Langchain allows you to [create custom wrappers for your LLM](https://python.langchain.com/docs/modules/model_io/models/llms/custom_llm) in case you want to use your own LLM or a different wrapper than the one that is supported in LangChain. Since we are using a custom Llama2 model hosted on Triton with TRT-LLM, we have written a custom wrapper for our LLM. 

In [26]:
from langchain.prompts import PromptTemplate

LLAMA_PROMPT_TEMPLATE = (
 "<s>[INST] <<SYS>>"
 "Use the following context to answer the user's question. If you don't know the answer, just say that you don't know, don't try to make up an answer."
 "<</SYS>>"
 "<s>[INST] Context: {context} Question: {question} Only return the helpful answer below and nothing else. Helpful answer:[/INST]"
)

LLAMA_PROMPT = PromptTemplate.from_template(LLAMA_PROMPT_TEMPLATE)

### Step 3: Load Documents [*(Retrieval)*](https://python.langchain.com/docs/modules/data_connection/)
LangChain provides a variety of [document loaders](https://python.langchain.com/docs/integrations/document_loaders) that load various types of documents (HTML, PDF, code) from many different sources and locations (private s3 buckets, public websites).

Document loaders load data from a source as **Documents**. A **Document** is a piece of text (the page_content) and associated metadata. Document loaders provide a ``load`` method for loading data as documents from a configured source. 
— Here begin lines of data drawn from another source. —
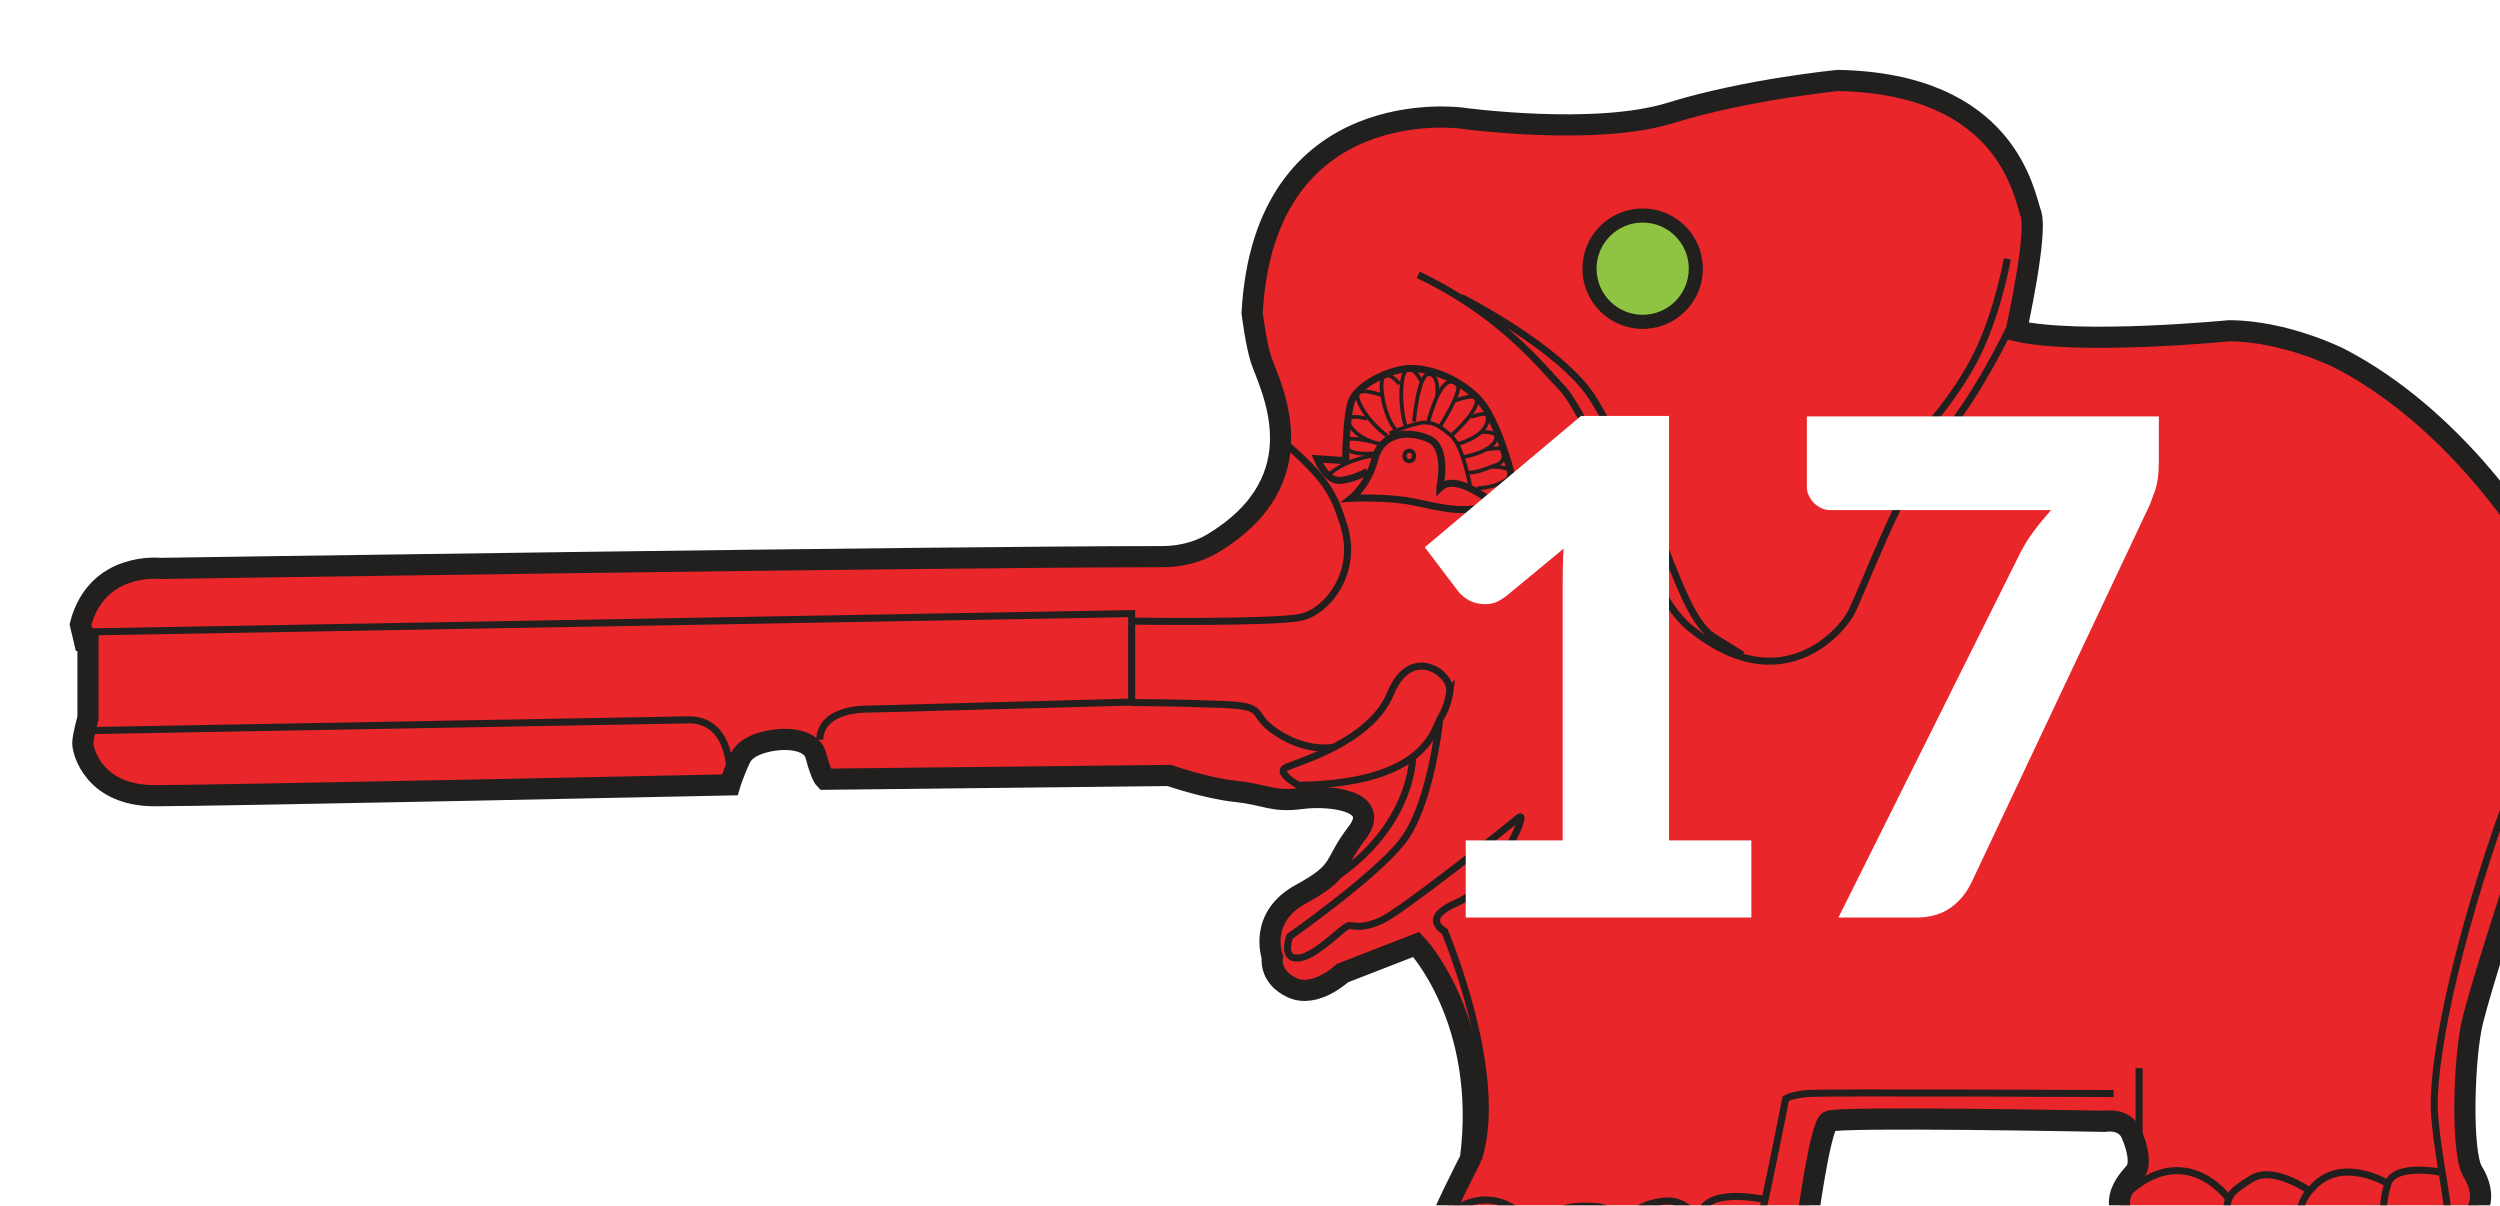 <?xml version="1.0" encoding="utf-8"?>
<svg xmlns="http://www.w3.org/2000/svg" xmlns:xlink="http://www.w3.org/1999/xlink" id="Layer_2" viewBox="0 0 53.13 25.62">
  <defs>
    <style>.cls-1{fill:#8ec441;stroke-width:.3px;}.cls-1,.cls-2,.cls-3,.cls-4,.cls-5{stroke:#221f1f;stroke-miterlimit:10;}.cls-6{fill:#fff;}.cls-2{stroke-width:.09px;}.cls-2,.cls-4,.cls-5{fill:none;}.cls-7{filter:url(#drop-shadow-1);}.cls-3{fill:#e9262a;stroke-width:.45px;}.cls-4{stroke-width:.15px;}.cls-5{stroke-width:.08px;}</style>
    <filter id="drop-shadow-1" filterUnits="userSpaceOnUse">
      <feOffset dx="1.48" dy="1.48"/>
      <feGaussianBlur result="blur" stdDeviation="1.06"/>
      <feFlood flood-color="#231f20" flood-opacity=".75"/>
      <feComposite in2="blur" operator="in"/>
      <feComposite in="SourceGraphic"/>
    </filter>
  </defs>
  <g id="Layer_1-2">
    <g class="cls-7">
      <path class="cls-3" d="m52.52,18.31s.38-3.64.38-4.1.04-2.8-.69-4.33c0,0-1.53-2.49-3.98-3.75,0,0-1.15-.58-2.34-.58,0,0-3.18.31-4.52,0,0,0,.46-2.07.31-2.49s-.5-2.76-4.1-2.83c0,0-1.95.19-3.56.69s-4.44.11-4.44.11c0,0-4.19-.58-4.45,4.14,0,0,.08.65.19.99.19.57,1.26,2.53-1.03,3.91-.18.11-.55.28-1.08.28-4.78,0-21.29.25-21.29.25,0,0-1.34-.15-1.69,1.19l.08.34h.08v1.65s-.11.38-.11.54.23,1.11,1.53,1.11,12.22-.23,12.22-.23c0,0,.08-.27.23-.58.17-.34.8-.38.8-.38,0,0,.69-.08.8.34s.19.5.19.5l7.32-.08s.77.27,1.42.34.77.23,1.38.15,1.72.04,1.19.73-.27.8-1.19,1.3-.61,1.34-.61,1.34c0,0-.08.42.42.65s1.07-.31,1.07-.31l1.57-.61s1.53,1.61,1.15,4.56c0,0-.73,1.42-.69,1.53s-.15.65.84.69h6.4s.54-.27.57-.57.31-2.34.5-2.45,5.86,0,5.86,0c0,0,.42-.08.57.27s.19.65.08.8-.84.77.27,1.46l6.26-.08s1.25-.38.64-1.38c-.25-.4-.19-2.45,0-3.21s.8-2.64.8-2.64l.38.84s.11.27.27-.11Z"/>
      <path class="cls-4" d="m.35,11.95l22.22-.39v1.88l-5.6.15s-1-.04-1.03.65"/>
      <path class="cls-4" d="m14.03,14.93s.03-1.18-.96-1.11l-12.84.23"/>
      <path class="cls-4" d="m29.34,13.17s-.04.35-.19.58-.27,1.42-3.03,1.46c0,0-.5-.27-.27-.38s1.8-.54,2.22-1.57,1.26-.46,1.26-.08Z"/>
      <path class="cls-4" d="m29.11,13.87s-.19,1.79-.8,2.55-2.38,2-2.38,2c0,0-.19.5.19.46s.96-.69,1.07-.69.27.08.69-.11,2.64-1.95,2.91-2.18-.5,1.46-1.3,1.8-.27.61-.27.61c0,0,1.29,3.03.72,4.84"/>
      <path class="cls-4" d="m28.54,14.63s0,1.38-1.57,2.49"/>
      <circle class="cls-1" cx="33.43" cy="4.23" r="1.13"/>
      <path class="cls-4" d="m26.85,14.4s-.53.12-1.18-.3-.15-.57-1.19-.61-1.92-.04-1.92-.04"/>
      <path class="cls-4" d="m22.6,11.72s2.99.04,3.56-.08,1.23-.96.92-1.95c-.21-.68-.38-1-1.26-1.76"/>
      <path class="cls-4" d="m52.18,15.74s-.11.88-.42,1.65"/>
      <path class="cls-4" d="m41.21,5.53s-.73,1.54-1.52,2.39c-.72.78-1.61,3.22-1.84,3.64s-1.49,1.84-3.37.34c0,0-.46-.31-.77-1.11s-1.55-3.57-1.99-4.02c-.47-.49-1.3-1.57-3.06-2.41"/>
      <path class="cls-4" d="m51.83,9.61s1.19,2.53-.04,5.94c-1.1,3.06-1.61,5.63-1.53,6.67s.38,2.15.27,2.45"/>
      <path class="cls-4" d="m29.12,8.88s.19-.84-.23-1.03-1-.15-1.15.42-.5.84-.5.84c0,0,.77-.04,1.34.08s1.11.27,1.69.04c0,0-.8-.69-1.15-.34Z"/>
      <path class="cls-4" d="m27.58,8.54s-.34.19-.61.19-.46-.46-.46-.46l.61.04s0-.84.11-1.23.87-.73,1.26-.73c.69,0,1.33.45,1.57.8.38.57.61,1.57.61,1.57,0,0-.04.46-.42.5"/>
      <path class="cls-4" d="m41.18,4.02s-.18,1.03-.59,1.92c-.47,1.01-1.28,1.84-1.28,1.84"/>
      <path class="cls-4" d="m29.57,4.84s2.1,1.06,2.79,2.13c.4.62.93,1.8,1.35,2.75.42.96.73,2.03,1.23,2.34s.61.38.61.38"/>
      <path class="cls-5" d="m29.77,8.88s-.15-.88-.42-1.11-.38-.27-.57-.27-.73.23-.73.23"/>
      <path class="cls-4" d="m35.32,25.47s.31,0,.46-.42.69-3.18.69-3.18c0,0,.11-.08.46-.11s6.51,0,6.51,0"/>
      <path class="cls-4" d="m36.01,24.01s-1.03-.23-1.3.19-.23,1.03-.23,1.03"/>
      <path class="cls-4" d="m34.6,24.47s-.2-.49-.74-.42-.92.31-.92,1.15"/>
      <path class="cls-4" d="m32.98,24.7s.08-.5-.57-.54-1.03.11-1.19.53-.15.69-.15.69"/>
      <path class="cls-4" d="m31.18,24.7s-.77-1.3-1.99-.3"/>
      <path class="cls-4" d="m50.38,23.43s-.96-.19-1.11.24-.11,1.07-.11,1.07"/>
      <path class="cls-4" d="m49.26,23.67s-1-.61-1.61.11c0,0-.34.27-.27.92"/>
      <path class="cls-4" d="m47.62,23.84s-.77-.55-1.23-.28-.5.38-.54.57-.04.73-.04.73"/>
      <path class="cls-4" d="m45.87,23.98s-.87-1.21-2.1-.14"/>
      <line class="cls-4" x1="43.98" y1="22.67" x2="43.98" y2="21.22"/>
      <path class="cls-5" d="m29.13,7.57s.46-.72.37-.86c0,0-.29-.45-.63.78"/>
      <path class="cls-5" d="m29.06,6.94s.06-.45-.17-.47-.32,1.01-.32,1.01"/>
      <path class="cls-5" d="m28.72,6.62s-.14-.32-.3-.24-.15.85-.03,1.18"/>
      <ellipse class="cls-2" cx="28.47" cy="8.21" rx=".1" ry=".11"/>
      <path class="cls-5" d="m28.26,6.68s-.2-.26-.33-.16.01.91.27,1.15"/>
      <path class="cls-5" d="m27.92,6.93s-.51-.19-.55-.03.27.63.63.88"/>
      <path class="cls-5" d="m27.57,7.42s-.37-.11-.39.03.26.43.66.5"/>
      <path class="cls-5" d="m27.63,7.9s-.5-.13-.52.01.09.3.66.24"/>
      <path class="cls-5" d="m27.73,8.2s-.62.07-.98.42"/>
      <path class="cls-5" d="m29.45,7.03s.36-.13.43-.06.01.32-.5.79"/>
      <path class="cls-5" d="m29.78,7.38s.3-.11.34-.04.06.42-.63.62"/>
      <path class="cls-5" d="m30.01,7.7s.26-.01.3.07-.03.33-.68.46"/>
      <path class="cls-5" d="m30.08,8.07l.33-.03s.19.26-.09.36-.37.16-.65.17"/>
      <path class="cls-5" d="m30.23,8.44s.4-.01.37.13-.03.13-.2.22-.49.11-.49.11"/>
      <path class="cls-5" d="m30.4,8.79s.13.1.13.19"/>
    </g>
    <path class="cls-6" d="m31.16,17.86h2.05v-5.37c0-.26,0-.54.02-.83l-1.21,1c-.08.06-.16.11-.23.14-.08.03-.15.04-.23.04-.13,0-.24-.03-.34-.08-.1-.06-.17-.12-.22-.18l-.72-.95,3.32-2.79h1.87v9.02h1.75v1.64h-6.07v-1.64Z"/>
    <path class="cls-6" d="m45.88,8.85v.95c0,.27-.03.49-.09.65-.06.17-.11.31-.17.42l-3.72,7.88c-.1.21-.24.39-.43.53-.19.14-.44.22-.75.22h-1.65l3.8-7.62c.1-.21.21-.4.33-.56.12-.17.25-.32.39-.48h-4.69c-.07,0-.13-.01-.19-.04-.06-.03-.11-.06-.16-.11s-.08-.1-.11-.16c-.03-.06-.04-.12-.04-.19v-1.49h7.49Z"/>
  </g>
</svg>

In this example, we use a LangChain [`UnstructuredFileLoader`](https://python.langchain.com/docs/integrations/document_loaders/unstructured_file) to load a research paper about Llama2 from Meta.

[Here](https://python.langchain.com/docs/integrations/document_loaders) are some of the other document loaders available from LangChain.

In [27]:
# ! wget -O "llama2_paper.pdf" -nc --user-agent="Mozilla" https://arxiv.org/pdf/2307.09288.pdf
import requests 

url = "https://arxiv.org/pdf/2307.09288.pdf"  # Replace with the actual URL
response = requests.get(url)

# Check if the download was successful
if response.status_code == 200:
    with open("llama2_paper.pdf", "wb") as f:  # Replace "file.txt" with the desired filename
        f.write(response.content)
    print("File downloaded successfully!")
else:
    print(f"Error downloading file: {response.status_code}")


File downloaded successfully!


In [35]:
from langchain.document_loaders import PyPDFLoader

loader = PyPDFLoader("llama2_paper.pdf")
data = loader.load()


### Step 4: Transform Documents [*(Retrieval)*](https://python.langchain.com/docs/modules/data_connection/)
Once documents have been loaded, they are often transformed. One method of transformation is known as **chunking**, which breaks down large pieces of text, for example, a long document, into smaller segments. This technique is valuable because it helps [optimize the relevance of the content returned from the vector database](https://www.pinecone.io/learn/chunking-strategies/). 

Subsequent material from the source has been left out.